Autre conseil: dès que vous allez en institut, "il faut vous renseigner systématiquement sur les produits utilisés auprès des esthéticiennes, insiste la dermatologue Isabelle Gallay. Et soyez vigilants sur l'hygiène des instruments pour éviter tout développement de bactéries."
"C'est raisonnable de laisser un certain délai"
Si vous êtes vraiment attaché au verni semi-permanent, "il faut quand même éviter d'en mettre trop souvent, ajoute-t-elle. Et notamment l'été, à cause des UV. Vous pouvez par exemple essayer de faire vos manucures uniquement lorsqu'il y un évènement ou une occasion particulière", recommande la dermatologue.

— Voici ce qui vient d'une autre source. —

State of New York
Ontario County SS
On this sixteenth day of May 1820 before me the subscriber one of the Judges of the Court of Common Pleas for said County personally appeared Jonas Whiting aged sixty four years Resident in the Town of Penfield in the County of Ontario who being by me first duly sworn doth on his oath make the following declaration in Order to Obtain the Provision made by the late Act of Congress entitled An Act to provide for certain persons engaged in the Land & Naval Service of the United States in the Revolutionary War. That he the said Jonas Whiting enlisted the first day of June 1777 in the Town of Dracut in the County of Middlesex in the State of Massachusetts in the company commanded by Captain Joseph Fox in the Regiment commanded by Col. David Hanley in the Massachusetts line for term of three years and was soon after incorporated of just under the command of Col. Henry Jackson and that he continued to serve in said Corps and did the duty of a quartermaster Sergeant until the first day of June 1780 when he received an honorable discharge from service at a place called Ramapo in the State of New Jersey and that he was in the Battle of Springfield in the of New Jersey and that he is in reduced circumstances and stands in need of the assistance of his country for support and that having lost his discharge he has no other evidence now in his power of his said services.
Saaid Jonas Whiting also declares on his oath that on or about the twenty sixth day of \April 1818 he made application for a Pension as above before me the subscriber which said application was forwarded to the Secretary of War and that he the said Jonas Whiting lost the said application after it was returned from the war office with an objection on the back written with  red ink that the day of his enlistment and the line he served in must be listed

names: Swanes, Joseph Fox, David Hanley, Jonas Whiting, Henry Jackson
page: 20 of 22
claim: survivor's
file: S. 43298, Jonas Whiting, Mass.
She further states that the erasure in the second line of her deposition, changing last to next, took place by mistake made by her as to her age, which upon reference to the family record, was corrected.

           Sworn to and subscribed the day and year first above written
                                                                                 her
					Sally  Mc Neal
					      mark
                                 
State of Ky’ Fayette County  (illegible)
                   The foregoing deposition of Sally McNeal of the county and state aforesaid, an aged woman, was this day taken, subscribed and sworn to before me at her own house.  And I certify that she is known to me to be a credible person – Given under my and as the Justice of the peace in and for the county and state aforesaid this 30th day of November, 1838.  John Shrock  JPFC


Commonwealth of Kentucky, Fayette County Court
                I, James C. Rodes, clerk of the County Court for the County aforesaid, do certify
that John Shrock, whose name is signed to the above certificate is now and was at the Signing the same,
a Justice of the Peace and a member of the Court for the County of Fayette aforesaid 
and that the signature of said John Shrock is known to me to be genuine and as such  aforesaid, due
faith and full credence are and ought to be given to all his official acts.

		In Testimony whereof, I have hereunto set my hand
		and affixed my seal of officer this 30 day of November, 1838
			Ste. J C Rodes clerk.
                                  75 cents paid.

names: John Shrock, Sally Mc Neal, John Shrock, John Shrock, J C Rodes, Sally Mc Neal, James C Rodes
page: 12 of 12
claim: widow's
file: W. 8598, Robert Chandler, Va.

"Il n'y a pas de recommandation de santé précise en terme de fréquence. Certes, c'est une idée reçue de dire qu'on va laisser son ongle 'respirer'. Mais c'est raisonnable et judicieux de laisser un certain délai, car il n'y a pas d'étude à ce sujet. Principe de précaution", poursuit l'enseignante chercheuse en formulation cosmétique.
Certains professionnels conseillent une application trois fois par an, avec des pauses d'au moins deux mois entre deux applications.
"Avant une séance, n'oubliez pas aussi de mettre de la crème solaire qui protège contre les UVA. Et si vous en avez la possibilité, d'enfiler des gants anti-UV pendant la manucure", indique Isabelle Gallay.
N'hésitez pas aussi à tout simplement "écouter vos ongles". Si vous avez des douleurs sous la lampe, des ongles jaunis, cassants, qui se dédoublent ou tous autres signes anormaux, reportez votre séance.
Enfin, pour ce qui est de la dépose, "préférez un retrait doux par un professionnel ou utilisez des dissolvants spécifiques", conclut Laurence Coiffard.